── EXTRACTED DATA
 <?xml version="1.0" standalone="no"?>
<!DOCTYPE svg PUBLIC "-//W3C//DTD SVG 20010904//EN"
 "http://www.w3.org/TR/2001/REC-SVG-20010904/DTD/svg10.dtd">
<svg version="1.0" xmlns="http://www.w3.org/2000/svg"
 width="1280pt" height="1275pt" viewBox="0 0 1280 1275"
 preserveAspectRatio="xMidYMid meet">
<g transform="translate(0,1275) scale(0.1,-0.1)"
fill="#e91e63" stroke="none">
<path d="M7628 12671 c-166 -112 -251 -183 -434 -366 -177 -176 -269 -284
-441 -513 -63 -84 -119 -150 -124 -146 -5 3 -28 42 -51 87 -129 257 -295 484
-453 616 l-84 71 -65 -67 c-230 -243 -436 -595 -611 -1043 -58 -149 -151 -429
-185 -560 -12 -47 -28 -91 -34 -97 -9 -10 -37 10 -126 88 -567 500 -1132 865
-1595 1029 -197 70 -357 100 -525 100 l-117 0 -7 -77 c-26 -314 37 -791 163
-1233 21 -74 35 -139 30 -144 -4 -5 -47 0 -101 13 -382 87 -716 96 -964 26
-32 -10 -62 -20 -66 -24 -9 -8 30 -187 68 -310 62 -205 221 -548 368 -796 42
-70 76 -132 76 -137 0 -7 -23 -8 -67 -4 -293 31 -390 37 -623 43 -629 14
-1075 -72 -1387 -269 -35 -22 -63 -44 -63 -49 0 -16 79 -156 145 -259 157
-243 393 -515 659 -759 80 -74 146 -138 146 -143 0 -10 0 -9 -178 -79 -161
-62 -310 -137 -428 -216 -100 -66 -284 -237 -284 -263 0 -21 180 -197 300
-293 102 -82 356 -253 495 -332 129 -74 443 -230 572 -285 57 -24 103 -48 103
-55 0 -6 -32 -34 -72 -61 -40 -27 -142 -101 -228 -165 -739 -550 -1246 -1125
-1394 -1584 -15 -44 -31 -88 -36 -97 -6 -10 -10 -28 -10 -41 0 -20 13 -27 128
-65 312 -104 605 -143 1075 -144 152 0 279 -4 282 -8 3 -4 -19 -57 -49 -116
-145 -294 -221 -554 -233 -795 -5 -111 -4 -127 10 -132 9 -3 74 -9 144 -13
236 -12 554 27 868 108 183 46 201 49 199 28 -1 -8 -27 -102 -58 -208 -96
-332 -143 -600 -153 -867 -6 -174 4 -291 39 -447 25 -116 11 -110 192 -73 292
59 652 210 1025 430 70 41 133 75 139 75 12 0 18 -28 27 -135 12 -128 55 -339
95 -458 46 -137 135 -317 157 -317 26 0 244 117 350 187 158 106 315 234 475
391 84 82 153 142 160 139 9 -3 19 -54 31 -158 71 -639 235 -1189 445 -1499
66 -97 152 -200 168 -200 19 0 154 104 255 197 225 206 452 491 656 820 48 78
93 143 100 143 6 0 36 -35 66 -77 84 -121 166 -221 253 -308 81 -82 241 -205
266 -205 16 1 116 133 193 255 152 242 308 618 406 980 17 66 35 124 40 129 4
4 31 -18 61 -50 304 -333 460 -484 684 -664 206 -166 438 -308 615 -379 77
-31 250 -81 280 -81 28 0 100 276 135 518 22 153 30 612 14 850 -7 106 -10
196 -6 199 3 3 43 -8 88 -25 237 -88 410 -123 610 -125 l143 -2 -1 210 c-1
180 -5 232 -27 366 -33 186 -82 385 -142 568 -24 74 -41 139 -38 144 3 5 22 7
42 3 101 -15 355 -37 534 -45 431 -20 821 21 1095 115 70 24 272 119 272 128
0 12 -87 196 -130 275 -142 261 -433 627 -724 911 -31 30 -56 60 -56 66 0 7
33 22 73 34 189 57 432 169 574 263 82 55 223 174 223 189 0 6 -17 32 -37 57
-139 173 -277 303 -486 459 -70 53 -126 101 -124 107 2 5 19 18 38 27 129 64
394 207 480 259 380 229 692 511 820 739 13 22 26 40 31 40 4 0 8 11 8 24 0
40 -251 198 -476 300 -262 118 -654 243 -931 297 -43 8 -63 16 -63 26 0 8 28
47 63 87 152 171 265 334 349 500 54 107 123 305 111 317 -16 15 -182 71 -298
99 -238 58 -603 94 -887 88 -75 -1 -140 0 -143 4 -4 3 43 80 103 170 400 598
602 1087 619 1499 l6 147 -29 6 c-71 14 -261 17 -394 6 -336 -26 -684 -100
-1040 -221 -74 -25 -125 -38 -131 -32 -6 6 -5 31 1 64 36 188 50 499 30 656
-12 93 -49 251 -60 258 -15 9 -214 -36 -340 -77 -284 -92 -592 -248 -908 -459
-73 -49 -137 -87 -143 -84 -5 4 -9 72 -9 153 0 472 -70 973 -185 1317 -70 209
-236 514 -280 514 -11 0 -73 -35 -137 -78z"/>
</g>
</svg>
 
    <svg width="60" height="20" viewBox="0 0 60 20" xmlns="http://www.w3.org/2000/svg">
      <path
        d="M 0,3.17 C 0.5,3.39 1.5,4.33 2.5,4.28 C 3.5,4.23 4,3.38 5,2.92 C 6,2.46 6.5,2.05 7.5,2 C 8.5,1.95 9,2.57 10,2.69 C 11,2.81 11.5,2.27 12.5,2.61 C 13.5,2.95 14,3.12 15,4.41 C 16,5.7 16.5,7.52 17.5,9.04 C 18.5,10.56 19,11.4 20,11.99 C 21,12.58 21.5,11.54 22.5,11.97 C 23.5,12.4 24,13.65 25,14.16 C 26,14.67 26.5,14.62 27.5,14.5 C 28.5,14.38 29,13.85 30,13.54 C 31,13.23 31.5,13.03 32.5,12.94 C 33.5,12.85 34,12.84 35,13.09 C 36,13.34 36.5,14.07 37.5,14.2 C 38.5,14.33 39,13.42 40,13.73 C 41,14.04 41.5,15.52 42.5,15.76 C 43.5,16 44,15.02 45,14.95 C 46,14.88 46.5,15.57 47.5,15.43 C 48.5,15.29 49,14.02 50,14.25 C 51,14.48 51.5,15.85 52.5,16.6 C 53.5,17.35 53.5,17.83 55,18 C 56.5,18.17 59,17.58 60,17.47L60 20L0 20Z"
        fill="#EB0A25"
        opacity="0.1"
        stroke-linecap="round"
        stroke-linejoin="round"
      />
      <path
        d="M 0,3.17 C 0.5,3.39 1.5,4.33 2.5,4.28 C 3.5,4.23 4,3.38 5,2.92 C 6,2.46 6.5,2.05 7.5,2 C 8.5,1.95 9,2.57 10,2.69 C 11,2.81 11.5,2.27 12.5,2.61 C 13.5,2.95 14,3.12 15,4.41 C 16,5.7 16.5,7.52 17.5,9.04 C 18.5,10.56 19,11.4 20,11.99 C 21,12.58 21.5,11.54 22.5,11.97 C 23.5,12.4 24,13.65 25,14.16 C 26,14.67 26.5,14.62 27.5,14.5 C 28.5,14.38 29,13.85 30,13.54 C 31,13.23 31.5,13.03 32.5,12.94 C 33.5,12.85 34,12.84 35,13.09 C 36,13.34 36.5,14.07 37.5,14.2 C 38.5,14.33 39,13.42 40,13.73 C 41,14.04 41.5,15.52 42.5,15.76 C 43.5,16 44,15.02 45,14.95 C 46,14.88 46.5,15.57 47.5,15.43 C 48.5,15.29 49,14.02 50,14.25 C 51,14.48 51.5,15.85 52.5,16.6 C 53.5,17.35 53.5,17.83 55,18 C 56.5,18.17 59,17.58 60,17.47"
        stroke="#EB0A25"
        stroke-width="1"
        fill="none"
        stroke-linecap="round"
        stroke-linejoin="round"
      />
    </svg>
────
WORK TO COMPLETE:
Transcribe the entries exactly.

SOLUTION TO THE PROBLEM:
 <?xml version="1.0" standalone="no"?>
<!DOCTYPE svg PUBLIC "-//W3C//DTD SVG 20010904//EN"
 "http://www.w3.org/TR/2001/REC-SVG-20010904/DTD/svg10.dtd">
<svg version="1.0" xmlns="http://www.w3.org/2000/svg"
 width="1280pt" height="1275pt" viewBox="0 0 1280 1275"
 preserveAspectRatio="xMidYMid meet">
<g transform="translate(0,1275) scale(0.1,-0.1)"
fill="#e91e63" stroke="none">
<path d="M7628 12671 c-166 -112 -251 -183 -434 -366 -177 -176 -269 -284
-441 -513 -63 -84 -119 -150 -124 -146 -5 3 -28 42 -51 87 -129 257 -295 484
-453 616 l-84 71 -65 -67 c-230 -243 -436 -595 -611 -1043 -58 -149 -151 -429
-185 -560 -12 -47 -28 -91 -34 -97 -9 -10 -37 10 -126 88 -567 500 -1132 865
-1595 1029 -197 70 -357 100 -525 100 l-117 0 -7 -77 c-26 -314 37 -791 163
-1233 21 -74 35 -139 30 -144 -4 -5 -47 0 -101 13 -382 87 -716 96 -964 26
-32 -10 -62 -20 -66 -24 -9 -8 30 -187 68 -310 62 -205 221 -548 368 -796 42
-70 76 -132 76 -137 0 -7 -23 -8 -67 -4 -293 31 -390 37 -623 43 -629 14
-1075 -72 -1387 -269 -35 -22 -63 -44 -63 -49 0 -16 79 -156 145 -259 157
-243 393 -515 659 -759 80 -74 146 -138 146 -143 0 -10 0 -9 -178 -79 -161
-62 -310 -137 -428 -216 -100 -66 -284 -237 -284 -263 0 -21 180 -197 300
-293 102 -82 356 -253 495 -332 129 -74 443 -230 572 -285 57 -24 103 -48 103
-55 0 -6 -32 -34 -72 -61 -40 -27 -142 -101 -228 -165 -739 -550 -1246 -1125
-1394 -1584 -15 -44 -31 -88 -36 -97 -6 -10 -10 -28 -10 -41 0 -20 13 -27 128
-65 312 -104 605 -143 1075 -144 152 0 279 -4 282 -8 3 -4 -19 -57 -49 -116
-145 -294 -221 -554 -233 -795 -5 -111 -4 -127 10 -132 9 -3 74 -9 144 -13
236 -12 554 27 868 108 183 46 201 49 199 28 -1 -8 -27 -102 -58 -208 -96
-332 -143 -600 -153 -867 -6 -174 4 -291 39 -447 25 -116 11 -110 192 -73 292
59 652 210 1025 430 70 41 133 75 139 75 12 0 18 -28 27 -135 12 -128 55 -339
95 -458 46 -137 135 -317 157 -317 26 0 244 117 350 187 158 106 315 234 475
391 84 82 153 142 160 139 9 -3 19 -54 31 -158 71 -639 235 -1189 445 -1499
66 -97 152 -200 168 -200 19 0 154 104 255 197 225 206 452 491 656 820 48 78
93 143 100 143 6 0 36 -35 66 -77 84 -121 166 -221 253 -308 81 -82 241 -205
266 -205 16 1 116 133 193 255 152 242 308 618 406 980 17 66 35 124 40 129 4
4 31 -18 61 -50 304 -333 460 -484 684 -664 206 -166 438 -308 615 -379 77
-31 250 -81 280 -81 28 0 100 276 135 518 22 153 30 612 14 850 -7 106 -10
196 -6 199 3 3 43 -8 88 -25 237 -88 410 -123 610 -125 l143 -2 -1 210 c-1
180 -5 232 -27 366 -33 186 -82 385 -142 568 -24 74 -41 139 -38 144 3 5 22 7
42 3 101 -15 355 -37 534 -45 431 -20 821 21 1095 115 70 24 272 119 272 128
0 12 -87 196 -130 275 -142 261 -433 627 -724 911 -31 30 -56 60 -56 66 0 7
33 22 73 34 189 57 432 169 574 263 82 55 223 174 223 189 0 6 -17 32 -37 57
-139 173 -277 303 -486 459 -70 53 -126 101 -124 107 2 5 19 18 38 27 129 64
394 207 480 259 380 229 692 511 820 739 13 22 26 40 31 40 4 0 8 11 8 24 0
40 -251 198 -476 300 -262 118 -654 243 -931 297 -43 8 -63 16 -63 26 0 8 28
47 63 87 152 171 265 334 349 500 54 107 123 305 111 317 -16 15 -182 71 -298
99 -238 58 -603 94 -887 88 -75 -1 -140 0 -143 4 -4 3 43 80 103 170 400 598
602 1087 619 1499 l6 147 -29 6 c-71 14 -261 17 -394 6 -336 -26 -684 -100
-1040 -221 -74 -25 -125 -38 -131 -32 -6 6 -5 31 1 64 36 188 50 499 30 656
-12 93 -49 251 -60 258 -15 9 -214 -36 -340 -77 -284 -92 -592 -248 -908 -459
-73 -49 -137 -87 -143 -84 -5 4 -9 72 -9 153 0 472 -70 973 -185 1317 -70 209
-236 514 -280 514 -11 0 -73 -35 -137 -78z"/>
</g>
</svg>
 
    <svg width="60" height="20" viewBox="0 0 60 20" xmlns="http://www.w3.org/2000/svg">
      <path
        d="M 0,3.17 C 0.5,3.39 1.5,4.33 2.5,4.28 C 3.5,4.23 4,3.38 5,2.92 C 6,2.46 6.5,2.05 7.5,2 C 8.5,1.95 9,2.57 10,2.69 C 11,2.81 11.5,2.27 12.5,2.61 C 13.5,2.95 14,3.12 15,4.41 C 16,5.7 16.5,7.52 17.5,9.04 C 18.5,10.56 19,11.4 20,11.99 C 21,12.58 21.5,11.54 22.5,11.97 C 23.5,12.4 24,13.65 25,14.16 C 26,14.67 26.5,14.62 27.5,14.5 C 28.5,14.38 29,13.85 30,13.54 C 31,13.23 31.5,13.03 32.5,12.94 C 33.5,12.85 34,12.84 35,13.09 C 36,13.34 36.5,14.07 37.5,14.2 C 38.5,14.33 39,13.42 40,13.73 C 41,14.04 41.5,15.52 42.5,15.76 C 43.5,16 44,15.02 45,14.95 C 46,14.88 46.5,15.57 47.5,15.43 C 48.5,15.29 49,14.02 50,14.25 C 51,14.48 51.5,15.85 52.5,16.6 C 53.5,17.35 53.5,17.83 55,18 C 56.5,18.17 59,17.58 60,17.47L60 20L0 20Z"
        fill="#EB0A25"
        opacity="0.1"
        stroke-linecap="round"
        stroke-linejoin="round"
      />
      <path
        d="M 0,3.17 C 0.5,3.39 1.5,4.33 2.5,4.28 C 3.5,4.23 4,3.38 5,2.92 C 6,2.46 6.5,2.05 7.5,2 C 8.5,1.95 9,2.57 10,2.69 C 11,2.81 11.5,2.27 12.5,2.61 C 13.5,2.95 14,3.12 15,4.41 C 16,5.7 16.5,7.52 17.5,9.04 C 18.5,10.56 19,11.4 20,11.99 C 21,12.58 21.5,11.54 22.5,11.97 C 23.5,12.4 24,13.65 25,14.16 C 26,14.67 26.5,14.62 27.5,14.5 C 28.5,14.38 29,13.85 30,13.54 C 31,13.23 31.5,13.03 32.5,12.94 C 33.5,12.85 34,12.84 35,13.09 C 36,13.34 36.5,14.07 37.5,14.2 C 38.5,14.33 39,13.42 40,13.73 C 41,14.04 41.5,15.52 42.5,15.76 C 43.5,16 44,15.02 45,14.95 C 46,14.88 46.5,15.57 47.5,15.43 C 48.5,15.29 49,14.02 50,14.25 C 51,14.48 51.5,15.85 52.5,16.6 C 53.5,17.35 53.5,17.83 55,18 C 56.5,18.17 59,17.58 60,17.47"
        stroke="#EB0A25"
        stroke-width="1"
        fill="none"
        stroke-linecap="round"
        stroke-linejoin="round"
      />
    </svg>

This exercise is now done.